The X-axis represents the residues, and the Y-axis shows the sensitivity, ranging from 0 to 6. The X-axis varies as follows: for the first and second columns, which represent α1 and α2, the X-axis ranges from 0 to 225; for the third column, representing the β subunit, the axis ranges from 0 to 1200; for the fourth column, representing β’, the axis ranges from 0 to 1400; for the fifth column, representing ω, the axis ranges from 30 to 110; and for the sixth column, representing σ, the axis ranges from 200 to 550. A) RNAP holoenzyme without DNA, B) RNAP holoenzyme, C) RNAP core enzyme, D) RNAP holoenzyme with RbpA but without DNA, E) RNAP holoenzyme with RbpA and DNA, and F) RNAP holoenzyme with RbpA, CarD, and DNA.

https://doi.org/10.1371/journal.pone.0317187.g010

Furthermore, the binding of RbpA and CarD decreased the sensitivity of residues within the β subunit in the region of residues 70–80. This finding suggests that the presence of RbpA and CarD may modulate the regulatory role of the σ subunit in the RNAP holoenzyme. Interestingly, residues 80–90 were identified as sensors in the presence of the σ factor and DNA. This observation suggests that the interplay between the σ factor and DNA influences the regulatory capacity of these residues, potentially contributing to transcription initiation processes. Additionally, in the absence of DNA, the N-terminal region of the σ subunit acted as the sensor. This finding implies that in the absence of DNA, the N-terminal region of σ may play a more prominent role in modulating the RNAP holoenzyme dynamics.

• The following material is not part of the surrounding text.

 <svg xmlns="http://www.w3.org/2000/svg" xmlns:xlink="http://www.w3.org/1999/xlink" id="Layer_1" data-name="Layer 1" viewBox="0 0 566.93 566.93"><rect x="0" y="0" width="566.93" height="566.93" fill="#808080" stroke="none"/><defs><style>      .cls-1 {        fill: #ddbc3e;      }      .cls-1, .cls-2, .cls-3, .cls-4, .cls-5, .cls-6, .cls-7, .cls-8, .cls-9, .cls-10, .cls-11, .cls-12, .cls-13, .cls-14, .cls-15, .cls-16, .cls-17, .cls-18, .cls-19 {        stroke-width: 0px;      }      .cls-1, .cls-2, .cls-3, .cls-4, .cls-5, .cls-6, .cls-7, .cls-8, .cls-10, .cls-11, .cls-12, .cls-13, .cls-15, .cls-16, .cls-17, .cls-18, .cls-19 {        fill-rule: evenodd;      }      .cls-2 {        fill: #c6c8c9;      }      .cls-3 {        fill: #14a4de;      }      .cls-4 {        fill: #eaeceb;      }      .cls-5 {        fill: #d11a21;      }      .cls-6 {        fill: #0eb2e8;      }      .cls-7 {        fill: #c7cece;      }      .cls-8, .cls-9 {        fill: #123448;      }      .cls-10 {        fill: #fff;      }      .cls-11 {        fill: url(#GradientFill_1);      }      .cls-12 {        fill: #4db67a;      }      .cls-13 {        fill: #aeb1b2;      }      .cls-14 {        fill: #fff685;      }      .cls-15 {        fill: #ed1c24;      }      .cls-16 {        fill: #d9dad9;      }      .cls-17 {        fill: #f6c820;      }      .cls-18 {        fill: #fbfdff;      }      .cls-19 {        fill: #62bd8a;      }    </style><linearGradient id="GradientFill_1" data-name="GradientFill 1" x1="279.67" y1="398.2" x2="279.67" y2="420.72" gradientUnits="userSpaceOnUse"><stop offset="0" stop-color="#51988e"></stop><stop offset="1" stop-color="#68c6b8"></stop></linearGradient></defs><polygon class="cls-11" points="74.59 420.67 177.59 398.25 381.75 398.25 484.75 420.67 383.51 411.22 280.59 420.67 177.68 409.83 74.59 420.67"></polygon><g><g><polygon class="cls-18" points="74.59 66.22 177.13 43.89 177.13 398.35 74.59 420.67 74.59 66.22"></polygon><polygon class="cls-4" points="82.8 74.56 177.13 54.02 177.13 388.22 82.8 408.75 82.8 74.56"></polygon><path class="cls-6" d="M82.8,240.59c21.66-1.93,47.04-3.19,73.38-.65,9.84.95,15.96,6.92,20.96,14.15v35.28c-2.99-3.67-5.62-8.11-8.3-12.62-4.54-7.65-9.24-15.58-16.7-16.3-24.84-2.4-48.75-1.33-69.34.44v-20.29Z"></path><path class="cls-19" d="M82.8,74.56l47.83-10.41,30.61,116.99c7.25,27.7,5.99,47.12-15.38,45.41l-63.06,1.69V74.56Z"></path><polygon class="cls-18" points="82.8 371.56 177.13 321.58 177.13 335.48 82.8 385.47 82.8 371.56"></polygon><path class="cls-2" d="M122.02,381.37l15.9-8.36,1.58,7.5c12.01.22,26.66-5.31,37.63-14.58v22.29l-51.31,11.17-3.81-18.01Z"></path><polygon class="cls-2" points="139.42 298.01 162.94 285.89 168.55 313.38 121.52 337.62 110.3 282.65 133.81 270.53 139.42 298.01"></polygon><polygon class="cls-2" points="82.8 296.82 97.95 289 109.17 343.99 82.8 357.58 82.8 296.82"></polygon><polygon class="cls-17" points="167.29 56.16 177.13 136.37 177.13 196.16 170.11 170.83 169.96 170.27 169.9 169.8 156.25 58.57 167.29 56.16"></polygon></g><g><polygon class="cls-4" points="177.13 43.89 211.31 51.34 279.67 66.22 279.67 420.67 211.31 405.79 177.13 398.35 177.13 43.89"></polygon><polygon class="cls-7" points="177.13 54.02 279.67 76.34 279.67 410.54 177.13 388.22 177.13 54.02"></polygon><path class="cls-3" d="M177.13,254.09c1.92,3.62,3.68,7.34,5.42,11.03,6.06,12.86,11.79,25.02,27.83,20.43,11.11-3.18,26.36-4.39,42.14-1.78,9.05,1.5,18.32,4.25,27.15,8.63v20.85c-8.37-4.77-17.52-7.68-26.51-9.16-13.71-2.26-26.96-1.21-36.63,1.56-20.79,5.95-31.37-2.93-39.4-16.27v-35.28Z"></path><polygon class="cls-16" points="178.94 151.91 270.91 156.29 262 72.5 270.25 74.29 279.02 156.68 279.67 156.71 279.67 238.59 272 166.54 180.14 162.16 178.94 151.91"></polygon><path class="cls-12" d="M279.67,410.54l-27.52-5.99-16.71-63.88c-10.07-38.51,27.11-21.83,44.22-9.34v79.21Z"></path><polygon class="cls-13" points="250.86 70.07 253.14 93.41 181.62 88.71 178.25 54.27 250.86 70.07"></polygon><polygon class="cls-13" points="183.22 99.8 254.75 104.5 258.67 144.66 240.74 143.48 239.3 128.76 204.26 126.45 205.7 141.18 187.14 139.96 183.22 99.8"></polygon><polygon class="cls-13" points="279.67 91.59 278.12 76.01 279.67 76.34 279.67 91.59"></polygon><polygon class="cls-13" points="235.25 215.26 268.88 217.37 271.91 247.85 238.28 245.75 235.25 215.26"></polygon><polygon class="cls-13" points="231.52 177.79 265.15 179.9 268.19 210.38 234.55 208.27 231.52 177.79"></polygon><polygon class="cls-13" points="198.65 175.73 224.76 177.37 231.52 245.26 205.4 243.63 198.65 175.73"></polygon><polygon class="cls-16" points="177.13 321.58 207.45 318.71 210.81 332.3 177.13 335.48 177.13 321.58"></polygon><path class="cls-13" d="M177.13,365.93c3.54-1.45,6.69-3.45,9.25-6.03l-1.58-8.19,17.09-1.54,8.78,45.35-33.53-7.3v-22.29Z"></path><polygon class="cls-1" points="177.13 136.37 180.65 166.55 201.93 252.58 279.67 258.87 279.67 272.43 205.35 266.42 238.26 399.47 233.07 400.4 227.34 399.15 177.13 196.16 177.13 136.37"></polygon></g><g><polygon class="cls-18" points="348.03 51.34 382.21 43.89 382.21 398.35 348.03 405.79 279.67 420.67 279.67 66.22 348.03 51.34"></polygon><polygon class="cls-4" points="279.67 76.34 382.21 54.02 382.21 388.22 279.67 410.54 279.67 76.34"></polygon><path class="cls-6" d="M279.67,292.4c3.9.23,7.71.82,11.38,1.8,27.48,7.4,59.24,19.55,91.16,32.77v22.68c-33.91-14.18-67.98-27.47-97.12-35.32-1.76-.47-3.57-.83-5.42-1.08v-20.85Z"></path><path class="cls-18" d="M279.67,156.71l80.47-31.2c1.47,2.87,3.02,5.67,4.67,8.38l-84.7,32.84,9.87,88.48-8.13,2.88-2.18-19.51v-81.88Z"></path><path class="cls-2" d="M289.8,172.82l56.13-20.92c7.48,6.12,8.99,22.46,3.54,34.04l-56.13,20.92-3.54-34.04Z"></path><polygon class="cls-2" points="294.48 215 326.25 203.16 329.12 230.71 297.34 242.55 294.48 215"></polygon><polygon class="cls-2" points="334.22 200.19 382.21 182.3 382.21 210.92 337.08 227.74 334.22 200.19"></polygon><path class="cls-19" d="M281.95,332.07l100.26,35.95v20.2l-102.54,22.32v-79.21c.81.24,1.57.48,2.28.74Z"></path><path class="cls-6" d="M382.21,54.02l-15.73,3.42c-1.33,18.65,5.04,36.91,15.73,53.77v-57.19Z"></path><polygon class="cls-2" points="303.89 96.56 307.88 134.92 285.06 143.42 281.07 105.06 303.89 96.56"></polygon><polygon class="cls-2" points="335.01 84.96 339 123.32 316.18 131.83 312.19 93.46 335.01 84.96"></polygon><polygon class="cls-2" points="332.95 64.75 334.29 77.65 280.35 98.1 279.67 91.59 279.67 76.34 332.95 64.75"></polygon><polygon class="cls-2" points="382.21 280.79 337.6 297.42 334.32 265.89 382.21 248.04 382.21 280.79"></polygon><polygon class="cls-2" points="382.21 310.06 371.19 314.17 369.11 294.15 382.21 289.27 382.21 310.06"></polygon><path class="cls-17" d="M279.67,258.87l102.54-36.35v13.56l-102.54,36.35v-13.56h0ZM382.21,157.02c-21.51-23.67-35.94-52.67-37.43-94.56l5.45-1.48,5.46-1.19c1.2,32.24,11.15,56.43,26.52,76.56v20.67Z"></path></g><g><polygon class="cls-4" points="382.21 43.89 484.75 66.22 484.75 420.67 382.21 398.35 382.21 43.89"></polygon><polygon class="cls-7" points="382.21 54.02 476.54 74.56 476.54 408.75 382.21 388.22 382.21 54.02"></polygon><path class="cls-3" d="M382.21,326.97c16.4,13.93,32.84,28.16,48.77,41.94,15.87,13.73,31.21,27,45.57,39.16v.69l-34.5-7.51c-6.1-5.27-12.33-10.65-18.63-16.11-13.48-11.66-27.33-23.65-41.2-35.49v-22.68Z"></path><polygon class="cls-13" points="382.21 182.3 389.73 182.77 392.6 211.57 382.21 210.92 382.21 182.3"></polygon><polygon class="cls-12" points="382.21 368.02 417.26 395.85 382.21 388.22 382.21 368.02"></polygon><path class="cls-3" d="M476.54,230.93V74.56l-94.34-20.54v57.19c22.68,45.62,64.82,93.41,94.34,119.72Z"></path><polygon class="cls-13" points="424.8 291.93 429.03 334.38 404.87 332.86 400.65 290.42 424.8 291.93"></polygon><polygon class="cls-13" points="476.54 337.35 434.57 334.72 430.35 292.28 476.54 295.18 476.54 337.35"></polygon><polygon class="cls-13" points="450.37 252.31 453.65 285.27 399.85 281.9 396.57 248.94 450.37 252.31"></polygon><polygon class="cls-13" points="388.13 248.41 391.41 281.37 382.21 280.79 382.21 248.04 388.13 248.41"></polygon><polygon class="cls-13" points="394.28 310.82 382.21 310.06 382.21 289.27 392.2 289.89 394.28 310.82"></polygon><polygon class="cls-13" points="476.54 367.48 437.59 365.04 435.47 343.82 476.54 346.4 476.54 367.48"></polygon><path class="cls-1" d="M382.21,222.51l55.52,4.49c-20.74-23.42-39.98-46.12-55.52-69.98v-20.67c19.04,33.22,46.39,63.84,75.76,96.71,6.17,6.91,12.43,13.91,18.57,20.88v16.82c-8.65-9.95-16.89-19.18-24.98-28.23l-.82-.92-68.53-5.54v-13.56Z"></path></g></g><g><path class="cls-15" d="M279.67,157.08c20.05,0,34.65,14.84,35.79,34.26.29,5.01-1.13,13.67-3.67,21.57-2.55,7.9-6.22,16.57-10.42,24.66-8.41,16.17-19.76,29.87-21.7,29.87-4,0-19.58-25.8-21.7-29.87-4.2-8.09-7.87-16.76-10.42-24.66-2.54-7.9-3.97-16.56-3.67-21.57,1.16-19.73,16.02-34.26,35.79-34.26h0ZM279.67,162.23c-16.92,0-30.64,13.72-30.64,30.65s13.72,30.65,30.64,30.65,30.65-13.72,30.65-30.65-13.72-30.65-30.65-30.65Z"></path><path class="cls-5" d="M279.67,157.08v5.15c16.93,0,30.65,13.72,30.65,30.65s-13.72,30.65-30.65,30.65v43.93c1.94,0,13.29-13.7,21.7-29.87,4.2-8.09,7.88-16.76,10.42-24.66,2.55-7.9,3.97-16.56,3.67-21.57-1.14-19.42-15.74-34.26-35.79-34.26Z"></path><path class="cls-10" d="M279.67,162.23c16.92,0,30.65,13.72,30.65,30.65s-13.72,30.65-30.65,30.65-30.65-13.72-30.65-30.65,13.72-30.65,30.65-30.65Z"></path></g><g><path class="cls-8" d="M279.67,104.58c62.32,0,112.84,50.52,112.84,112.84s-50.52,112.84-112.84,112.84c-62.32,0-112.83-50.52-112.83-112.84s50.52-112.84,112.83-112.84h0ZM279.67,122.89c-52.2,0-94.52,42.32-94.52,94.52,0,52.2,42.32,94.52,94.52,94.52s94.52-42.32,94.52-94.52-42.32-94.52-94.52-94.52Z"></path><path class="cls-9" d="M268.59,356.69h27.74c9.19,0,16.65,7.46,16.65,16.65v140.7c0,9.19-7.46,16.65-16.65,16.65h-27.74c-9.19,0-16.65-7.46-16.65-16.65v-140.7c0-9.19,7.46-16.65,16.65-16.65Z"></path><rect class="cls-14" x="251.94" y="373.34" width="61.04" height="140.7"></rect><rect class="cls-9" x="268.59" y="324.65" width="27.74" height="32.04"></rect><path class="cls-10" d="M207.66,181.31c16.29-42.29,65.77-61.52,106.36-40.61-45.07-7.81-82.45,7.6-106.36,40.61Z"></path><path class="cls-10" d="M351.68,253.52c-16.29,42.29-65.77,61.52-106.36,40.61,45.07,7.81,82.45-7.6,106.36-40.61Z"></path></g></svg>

Although we observe changes in sensitivity profiles of various subunits in the presence of RbpA, CarD and DNA, it is particularly interesting to see changes in profiles of α subunits which are not directly interacting with them. The binding of RbpA was found to alter the effector residues from positions 150–160 to positions 175–185 α1. Subsequent interaction with CarD resulted in the N-terminal residues acting as sensors, might indicate a shift in the regulatory mechanisms modulating RNAP holoenzyme dynamics. In contrast, σ factor binding decreased sensitivity in the region of residues 150–160 in α2, suggesting a dampening effect on the regulatory capacity of these residues. Conversely, RbpA binding upregulated the sensitivity of residues in this region, indicating a potential role for RbpA in enhancing the regulatory capacity of the RNAP holoenzyme.

Since the two α subunits appear to retain pivotal roles in the regulation of Mtb RNAP function, we next focused on identifying ligands at this site to act as effective allosteric inhibitors. Although we analyzed various subunits, the importance of the α subunits in the regulatory mechanisms prompted us to proceed with a detailed investigation of these subunits. The α subunits are crucial for the assembly and stability of the RNAP complex and play a significant role in the interaction with RbpA, which is essential for regulating transcription. Our goal was to find a molecule that could prevent the interaction between the α1 and α2 subunits, thereby disrupting the complex formation and modulating the regulatory effects of RbpA. By targeting the interaction site between the α subunits, we aimed to develop allosteric inhibitors that could effectively modulate the function of RNAP, providing new avenues for therapeutic intervention against Mycobacterium tuberculosis.

Natural ligands interact with the dimer interface of α1 subunit

Virtual screening was performed [45–50] focusing on the α subunits and against two databases of small molecules (as described in Methods). Two potential binding sites were predicted using the SiteMap tool of Schrodinger. One of the binding sites (Site 1) is at the interface of α subunits dimer and has site score of 0.894 and DScore of 1.004. Another binding site (site 2) includes residues from α dimer and beta subunit and has site score of 0.929 and DScore 1.032. We used the molecules from both the databases for docking at both site1 and site2.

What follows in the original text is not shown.